Canine tumor cell lines derived from non-Hodgkin lymphoma (NHL), mast cell tumor, melanoma and osteosarcoma exhibited growth inhibition and apoptosis in response to nanomolar concentrations of SINE compounds; NHL cells were particularly sensitive with IC50 concentrations ranging from 2-42 nM. A Phase I clinical trial of KPT-335 was performed in 17 dogs with NHL (naive or relapsed), mast cell tumor or osteosarcoma. The maximum tolerated dose was 1.75 mg/kg given orally twice/week (Monday/Thursday) although biologic activity was observed at 1 mg/kg.

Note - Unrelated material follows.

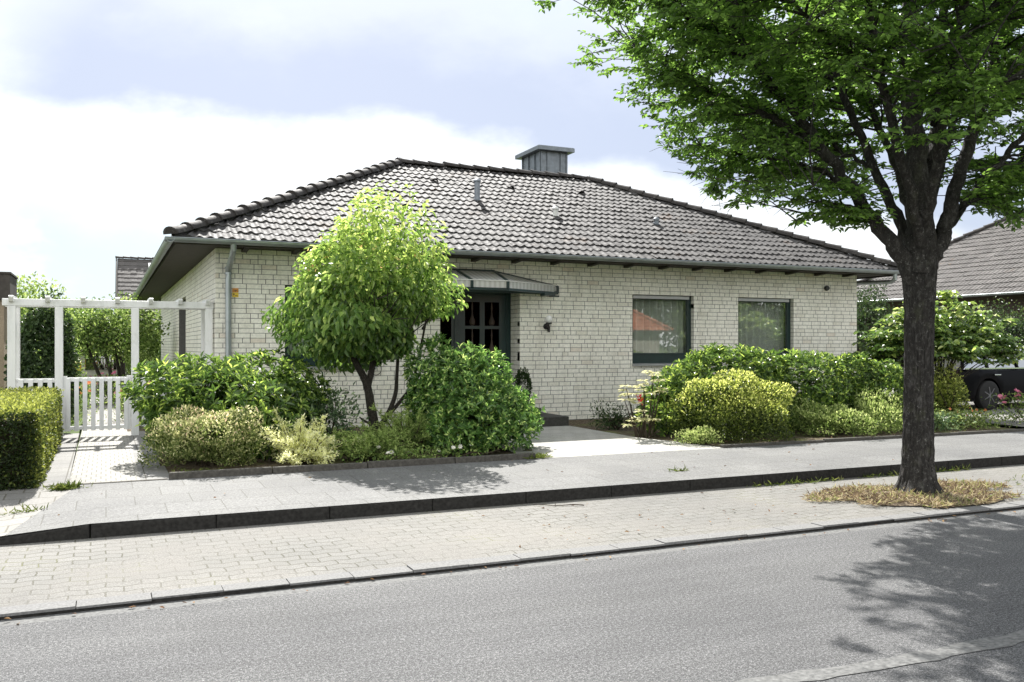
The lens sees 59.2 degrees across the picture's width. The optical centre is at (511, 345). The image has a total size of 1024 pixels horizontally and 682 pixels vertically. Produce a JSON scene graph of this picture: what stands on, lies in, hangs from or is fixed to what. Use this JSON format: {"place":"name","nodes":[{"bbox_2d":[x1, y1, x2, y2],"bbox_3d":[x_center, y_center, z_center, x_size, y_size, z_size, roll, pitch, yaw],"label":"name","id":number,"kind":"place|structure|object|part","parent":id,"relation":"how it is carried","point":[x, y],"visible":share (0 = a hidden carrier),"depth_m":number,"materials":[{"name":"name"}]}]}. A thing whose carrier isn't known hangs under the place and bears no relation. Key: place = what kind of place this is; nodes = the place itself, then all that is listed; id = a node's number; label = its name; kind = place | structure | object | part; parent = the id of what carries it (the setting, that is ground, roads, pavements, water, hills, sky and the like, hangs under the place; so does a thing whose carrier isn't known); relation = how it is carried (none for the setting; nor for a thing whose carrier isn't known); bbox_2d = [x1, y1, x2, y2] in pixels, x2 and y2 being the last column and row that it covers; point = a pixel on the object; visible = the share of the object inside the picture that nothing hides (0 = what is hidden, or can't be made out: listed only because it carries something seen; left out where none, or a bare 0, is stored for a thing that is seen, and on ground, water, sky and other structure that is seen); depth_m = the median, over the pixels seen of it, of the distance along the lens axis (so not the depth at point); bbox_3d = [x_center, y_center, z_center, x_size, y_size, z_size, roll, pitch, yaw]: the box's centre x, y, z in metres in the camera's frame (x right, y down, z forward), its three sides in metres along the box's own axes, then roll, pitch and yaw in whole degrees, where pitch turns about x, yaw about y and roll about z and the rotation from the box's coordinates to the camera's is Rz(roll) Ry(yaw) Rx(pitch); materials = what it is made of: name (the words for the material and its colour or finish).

Clinical benefit (CB) including partial response to therapy (PR, n = 2) and stable disease (SD, n = 7) was observed in 9/14 dogs with NHL with a median time to progression (TTP) for responders of 66 days (range 35-256 days). A dose expansion study was performed in 6 dogs with NHL given 1.5 mg/kg KPT-335 Monday/Wednesday/Friday; CB was observed in 4/6 dogs with a median TTP for responders of 83 days (range 35-354 days). Toxicities were primarily gastrointestinal consisting of anorexia, weight loss, vomiting and diarrhea and were manageable with supportive care, dose modulation and administration of low dose prednisone; hepatotoxicity, anorexia and weight loss were the dose limiting toxicities.
This study provides evidence that the novel orally bioavailable XPO1 inhibitor KPT-335 is safe and exhibits activity in a relevant, spontaneous large animal model of cancer. Data from this study provides critical new information that lays the groundwork for evaluation of SINE compounds in human cancer.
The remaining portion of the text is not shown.